Democratic senators Joseph Biden and John Kerry said Congress was being asked to approve the deal without having details of safeguards to be imposed on India by the International Atomic Energy Agency (IAEA).

"I am uncomfortable voting to change the overall structure without seeing those safeguards, knowing what they're going to be," Kerry said.

Rice said the head of India's atomic energy commission was travelling to Vienna this week to begin negotiations with the IAEA on the safeguards agreement.

She said she told Indian Foreign Secretary Shyam Saran "in no uncertain terms that this was going to be an issue with Congress and that they ought to negotiate with the IAEA as quickly as possible."

US lawmakers also wanted India to implement its commitment to a multilateral fissile material cut-off treaty.

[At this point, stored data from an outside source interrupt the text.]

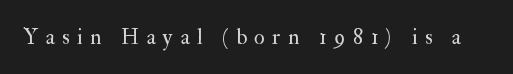
The image shows 22 px text type, upright; set unusually wide letter spacing (+0.34 em), not underlined.
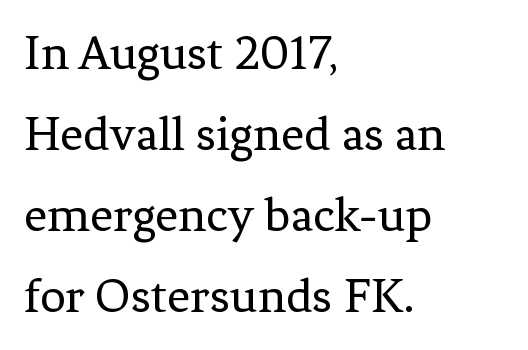
{"serif": "yes", "italic": "no", "bold": "no", "weight": "regular", "width": "normal", "stroke_contrast": "low", "x_height": "medium", "monospaced": "no", "underline": "no", "align": "left", "line_spacing": "normal", "line_spacing_ratio": 1.59, "letter_spacing": "normal", "letter_spacing_em": 0.0, "glyph_px": 51}
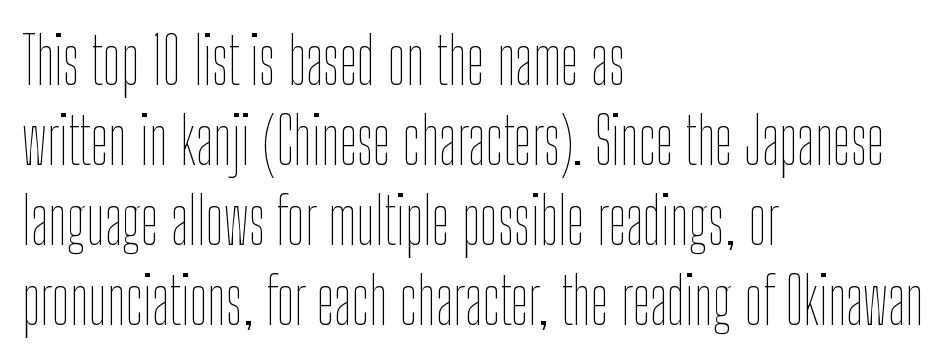
{"italic": "no", "bold": "no", "weight": "thin", "width": "condensed", "stroke_contrast": "low", "x_height": "medium", "monospaced": "no", "underline": "no", "align": "left", "line_spacing": "normal", "line_spacing_ratio": 1.25, "letter_spacing": "normal", "letter_spacing_em": 0.0, "glyph_px": 64}
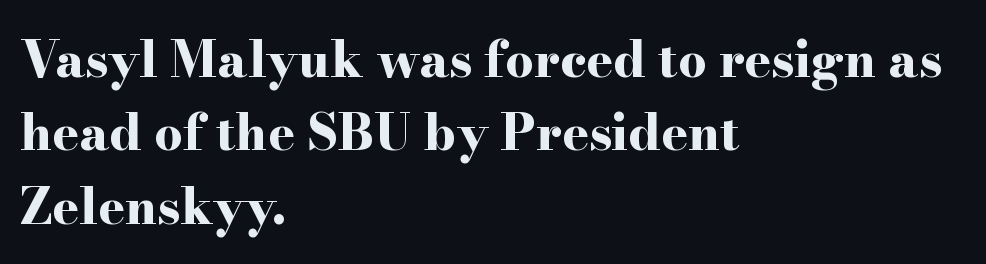
The typography opts for an upright posture over an oblique one. These words are printed bold, with thick strokes throughout. Compared with typical paragraphs, the rows here are spaced about the same. These lines are rendered in a variable-pitch font.
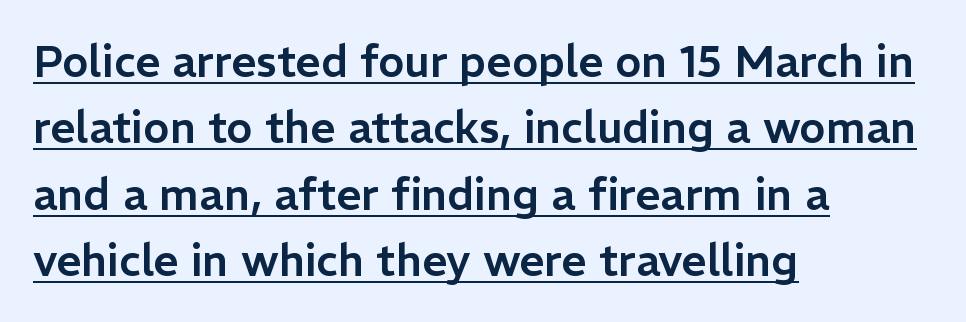
Posture: straight, roman, zero tilt. Stroke terminals: plain, sans-serif. Honestly, the row spacing looks completely unremarkable. You could call the tracking neutral — neither tight nor loose. What decoration does the sample have? An underline. The ragged edge is on the right, which tells us the setting is flush left.
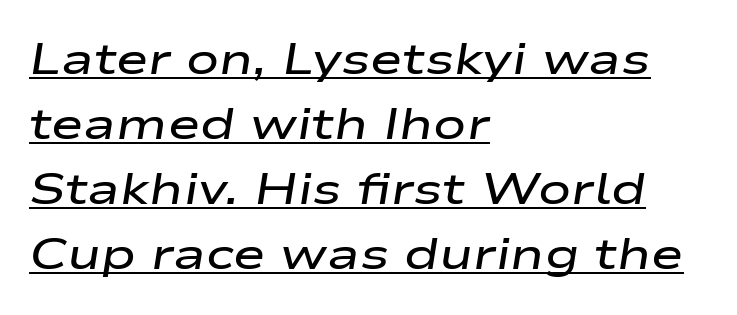
Leading matches the norm, producing a regular column. The paragraph shown leans on its left margin. Letter spacing: default. Looks like regular typesetting: each glyph gets only the width it needs. The typesetting leans somewhat heavy: a semibold. The face used here appears with an underline applied.
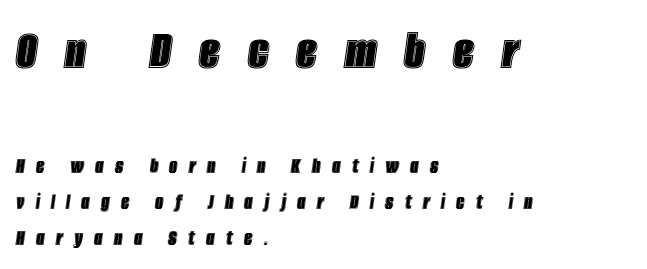
The image shows 57 px condensed type, italic (leaning right); set left-aligned, normal line spacing (1.58x), unusually wide letter spacing (+0.49 em), not underlined; the first (top) block is 2.48x larger; a large x-height.
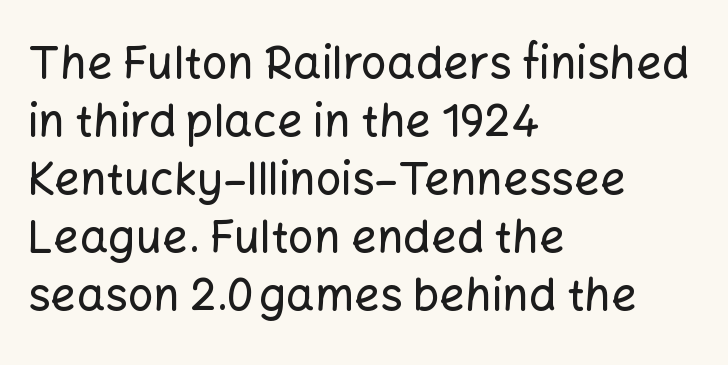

"We've told the Indians they need to be helpful in that. They've promised that they will. And we will press them very hard to help us on that," Rice said.

She stoutly defended the deal, saying it would "clearly enhance energy security, benefit the environment and does strengthen the international nuclear nonproliferation regime."

On worries over India's nuclear weapons, she said New Delhi would never accept a unilateral freeze or cap on its atomic arsenal considering the security situation in its neighbourhood.

"No one can credibly assert that India would accept what would amount to an arms control agreement that did not include other key countries like China and Pakistan," she added.

It is not clear when Congress will make the changes to the law but the Bush administration wants it to act before summer.

Some lawmakers were reported saying the complex issue would probably not be taken up until after the November Congressional elections.

Once endorsed by Congress, the nuclear deal is widely expected to be adopted by the international Nuclear Suppliers Group to effectively end India's status as a nuclear pariah.